A single ISP connection is a single point of failure. For engineers on customer calls, async video reviews, or live deployments, a dropped connection at the wrong moment costs trust and time. This guide covers a practical dual-ISP failover setup for home offices that achieves automatic failover in under 30 seconds.
Table of Contents
- The Core Setup
- Hardware Option 1: GL.iNet Flint 2 (Budget)
- Hardware Option 2: Peplink Balance One ($299)
- 4G/5G Backup Modem Recommendations
- Testing Failover Behavior
- Application-Level Failover Gaps
- Monitoring Connection Health
- Budget Breakdown
- Configuring DNS Resilience Alongside Internet Redundancy
- Automating Failover Notifications
- WireGuard VPN Across Dual-WAN
- Failover Testing Methodology
- Carrier Coverage Comparison for Backup Internet
- Monitoring Failover Health Over Time
- Mosh Configuration for Persistent Remote Sessions
- Application-Level Failover Configuration Template
- Practical Failover Checklist
- Related Reading
The Core Setup
The goal is two independent internet connections that switch automatically when the primary fails:
Primary ISP (fiber/cable)
↓
Router with
dual-WAN failover ──→ Your devices
↓
Secondary ISP (4G/5G cellular)
Hardware that supports this natively: Firewalla Gold Plus, GL.iNet Flint 2, Peplink Balance One (prosumer), or a Mikrotik RouterOS setup.
Hardware Option 1: GL.iNet Flint 2 (Budget)
The GL-MT6000 runs OpenWrt and supports WAN failover out of the box for ~$100.
# SSH into the router after initial setup
ssh root@192.168.8.1
# Check current WAN status
uci show network.wan
uci show network.wan6
# Configure the secondary WAN (USB tethering from phone or USB modem)
# Flint 2 supports USB tethering natively through the UI
# Go to: Network → Internet → Add → USB Tethering
Failover configuration via OpenWrt UCI:
# Set up mwan3 (multi-WAN manager)
opkg update && opkg install mwan3 luci-app-mwan3
# Configure tracking targets for each WAN
cat > /etc/config/mwan3 << 'EOF'
config globals 'globals'
option mmx_mask '0x3F00'
config interface 'wan'
option enabled 1
option track_ip '8.8.8.8 1.1.1.1'
option reliability 1
option count 2
option timeout 2
option interval 5
option down 3
option up 8
config interface 'wanb'
option enabled 1
option track_ip '8.8.8.8 1.1.1.1'
option reliability 1
option count 2
option timeout 2
option interval 5
option down 3
option up 8
config rule 'default_rule'
option sticky 1
option use_policy 'failover'
config policy 'failover'
option use_member 'wan_100'
config policy 'failover'
list use_member 'wan_100'
list use_member 'wanb_200'
config member 'wan_100'
option interface wan
option metric 1
option weight 100
config member 'wanb_200'
option interface wanb
option metric 2
option weight 100
EOF
service mwan3 restart
Hardware Option 2: Peplink Balance One ($299)

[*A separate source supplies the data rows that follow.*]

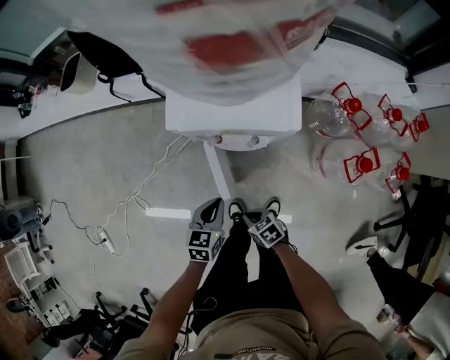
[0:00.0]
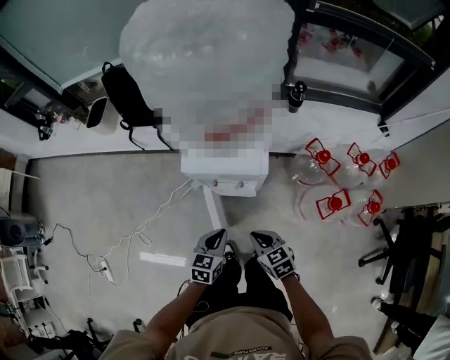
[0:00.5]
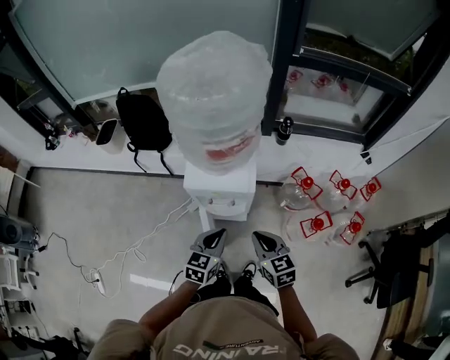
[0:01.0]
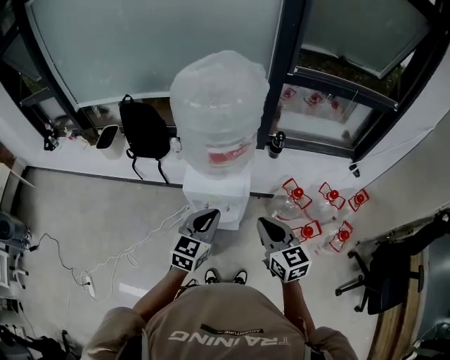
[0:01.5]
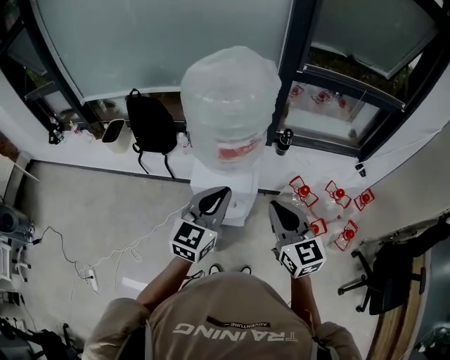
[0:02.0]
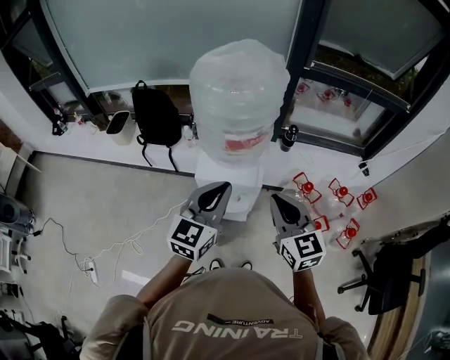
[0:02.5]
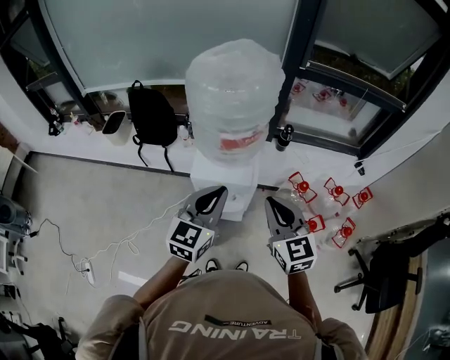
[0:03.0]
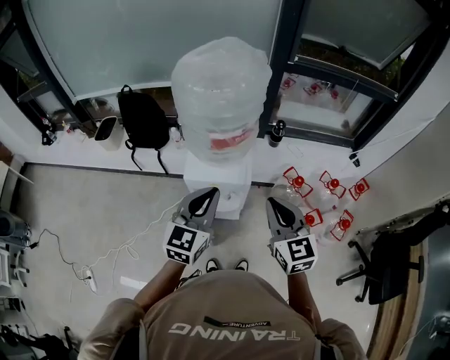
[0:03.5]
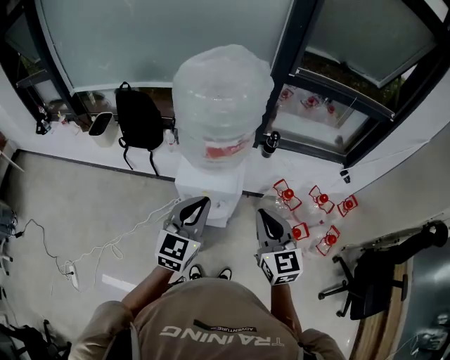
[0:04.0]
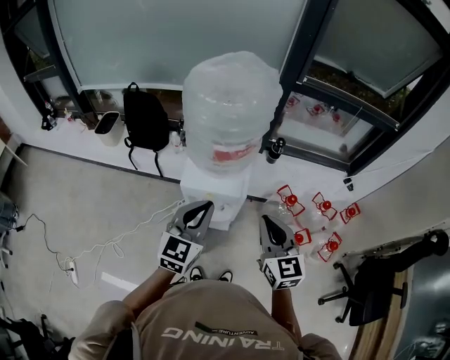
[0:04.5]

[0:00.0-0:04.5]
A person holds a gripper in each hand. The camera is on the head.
0:00.0 to 0:02.0: The two grippers go approximately 50 cm upward. The left gripper tilts its fingers roughly 40 degrees upward. The right gripper angles its fingers upward, by about 40 degrees.
0:02.0 to 0:04.5: The grippers make only small movements.

Purpose-built for dual-WAN failover with a simpler UI. Plug in both connections, enable SpeedFusion health checks, done.
Key settings:
- Health Check: HTTP/HTTPS to
www.gstatic.comevery 5 seconds - Failover to secondary when primary misses 3 consecutive checks
- Recovery: switch back to primary after 8 consecutive successes
The 3-miss / 8-success asymmetry prevents flapping on an unstable primary connection.

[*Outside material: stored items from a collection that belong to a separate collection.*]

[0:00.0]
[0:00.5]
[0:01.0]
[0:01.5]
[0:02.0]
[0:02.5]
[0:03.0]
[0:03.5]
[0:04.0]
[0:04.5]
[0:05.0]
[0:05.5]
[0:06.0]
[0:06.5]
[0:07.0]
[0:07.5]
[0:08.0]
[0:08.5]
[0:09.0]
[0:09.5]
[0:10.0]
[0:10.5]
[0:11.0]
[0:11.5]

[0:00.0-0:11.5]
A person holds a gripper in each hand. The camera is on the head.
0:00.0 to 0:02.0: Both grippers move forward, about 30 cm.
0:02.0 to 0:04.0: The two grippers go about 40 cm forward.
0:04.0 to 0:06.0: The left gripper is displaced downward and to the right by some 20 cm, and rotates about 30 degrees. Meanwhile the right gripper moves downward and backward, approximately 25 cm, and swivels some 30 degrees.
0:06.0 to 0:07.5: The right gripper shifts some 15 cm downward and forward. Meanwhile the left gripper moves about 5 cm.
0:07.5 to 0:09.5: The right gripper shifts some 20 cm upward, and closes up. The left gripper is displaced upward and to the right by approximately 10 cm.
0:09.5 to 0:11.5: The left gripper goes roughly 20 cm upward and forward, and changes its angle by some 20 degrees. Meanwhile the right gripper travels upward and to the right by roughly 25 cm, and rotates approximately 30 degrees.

4G/5G Backup Modem Recommendations
| Device | Band Coverage | Speed | Monthly |
|---|---|---|---|
| Netgear M6 Pro | 5G mmWave + Sub-6 | 4Gbps theoretical | SIM-based |
| GL.iNet Mudi v2 | 4G LTE | 150Mbps | SIM-based |
| Solis Lite | 4G LTE, global | 50Mbps | 3GB free/day |
| Phone USB tethering | 4G/5G (carrier) | Depends | Existing plan |
For most remote engineers, phone USB tethering is the cheapest backup — most carrier plans include tethering at no extra cost. The latency is higher than fiber but sufficient for SSH, async video, and Slack.
Testing Failover Behavior
# Install mtr for continuous path monitoring
brew install mtr # macOS
# or: apt install mtr-tiny # Linux
# Watch the path to Google DNS in real time
sudo mtr 8.8.8.8 --report-cycles 1000 --interval 0.5
# Simulate primary failure: unplug the cable or disable WAN1 in router UI
# Watch mtr — you should see packet loss for 15-30 seconds, then recovery via WAN2
Monitor the transition time. Acceptable: under 30 seconds. Unacceptable: over 90 seconds (indicates health check intervals are too long or recovery threshold is too high).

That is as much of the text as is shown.